The Three Cultures Foundation presents its new exhibition, 'The Secret Garden', an exhibition by the artist Teresa Esteban in which she vindicates the study of mathematics in Islam as the source of its main themes: arithmetic, geometry, astronomy and music.
The Secret Garden' is made up of some thirty pieces, mostly in marble, together with some mixed media creations on paper or wood. With this exhibition, Teresa Esteban develops her own vocabulary, fascinated by architecture and uninhabited spaces and passageways, such as staircases and corridors, where the human element is in transit, places that summon the presence of absence.
Her work in wood is slow, orderly and exquisite with a double formal play between the austere appearance of the exterior of the pieces and the expressive, irregular, sombre and stormy interiors. Hence its mysterious and disturbing character. Her sculptures are undoubtedly landscapes, although they do not seem to be a possible terrain for sculpture.
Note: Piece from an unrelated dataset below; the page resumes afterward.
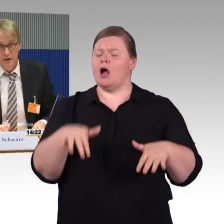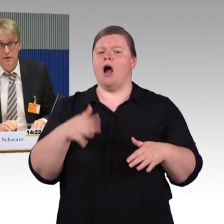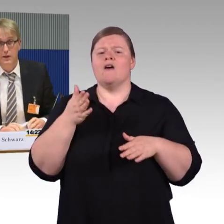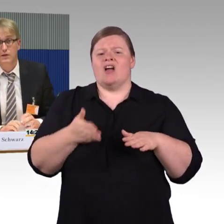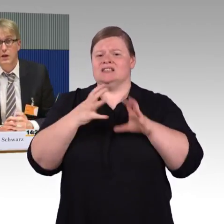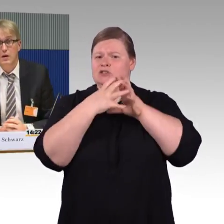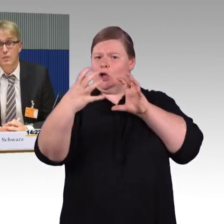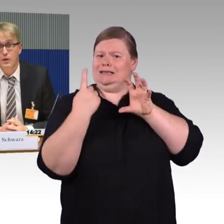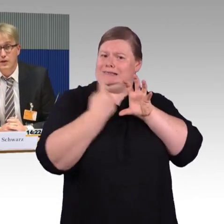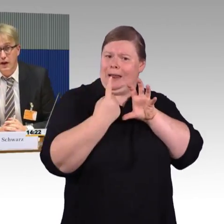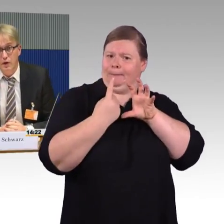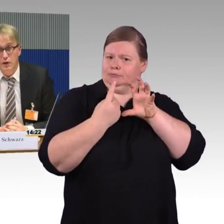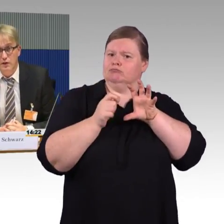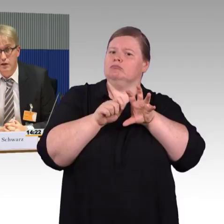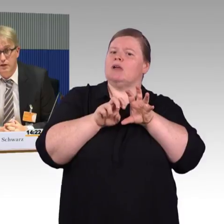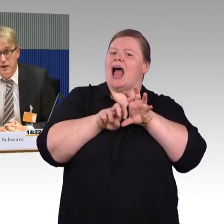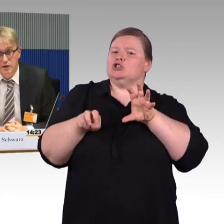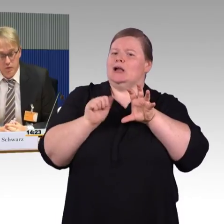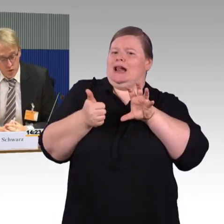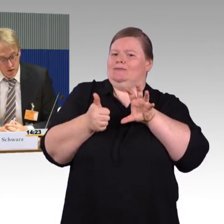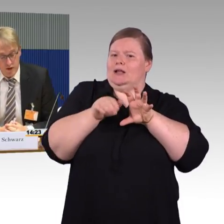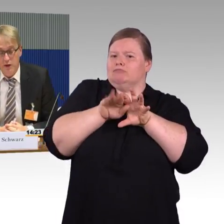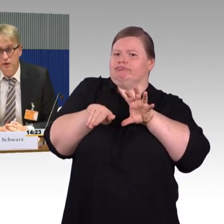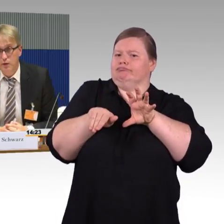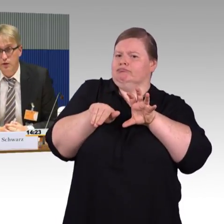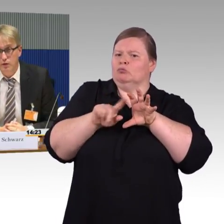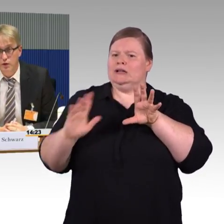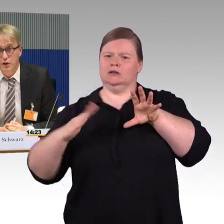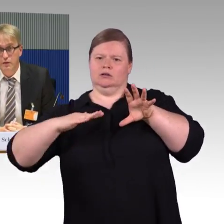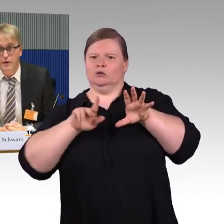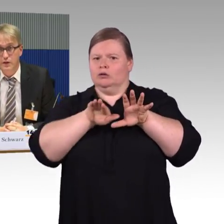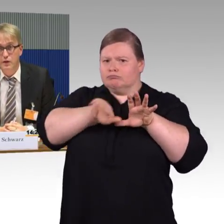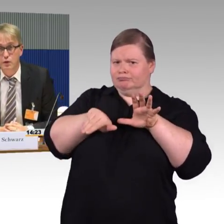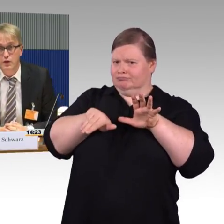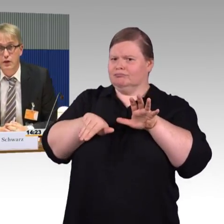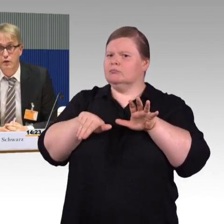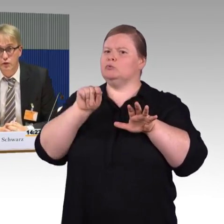dass das mit drei Leuten 20 Minuten dauert, Sie können sich vorstellen, was das natürlich auch

This exhibition evokes those gardens in which geometry has also been applied, which are articulated in a set of squares that rotate, forming star-shaped polygons in which the paving is mixed in different materials with a predominance of fresh marble that reflects the light. As the art critic Miguel Cereceda states, "the elements used by Teresa Esteban are indirect evocations of vegetation, water and the garden, through marble and tin. But her work also invokes the celestial vault, through architectures drawn from Islamic and Jewish vaults, and the image of temples and spaces of prayer and meditation: synagogues, cathedrals and mosques, in which recollection, silence and contemplation invite reconciliation". "For these three cultures (Judaism, Christianity and Islam), the image of the garden is also a common, founding myth of origin. It is not only the place of the origin and creation of man, but also the place of arrival: the promised land, paradise. (...). This is why Teresa Esteban has decided to stage in the image of the garden the possibility of a real space of peace, love and reconciliation between the three cultures. She has done so deliberately, without transgressing the strict prohibition of images and idols, imposed by Abraham and Moses, reiterated by Paul of Tarsus and repeated again by Mohammed".
Miguel Cereceda is a Spanish art theorist and critic. Professionally, he is a professor of Aesthetics and Theory of the Arts at the Universidad Autónoma de Madrid.
The exhibition will be shown at the Tres Culturas headquarters, the Hassan II Pavilion, Seville, from June 10 to September 9.
Monday to Thursday, from 08.30 to 20.00.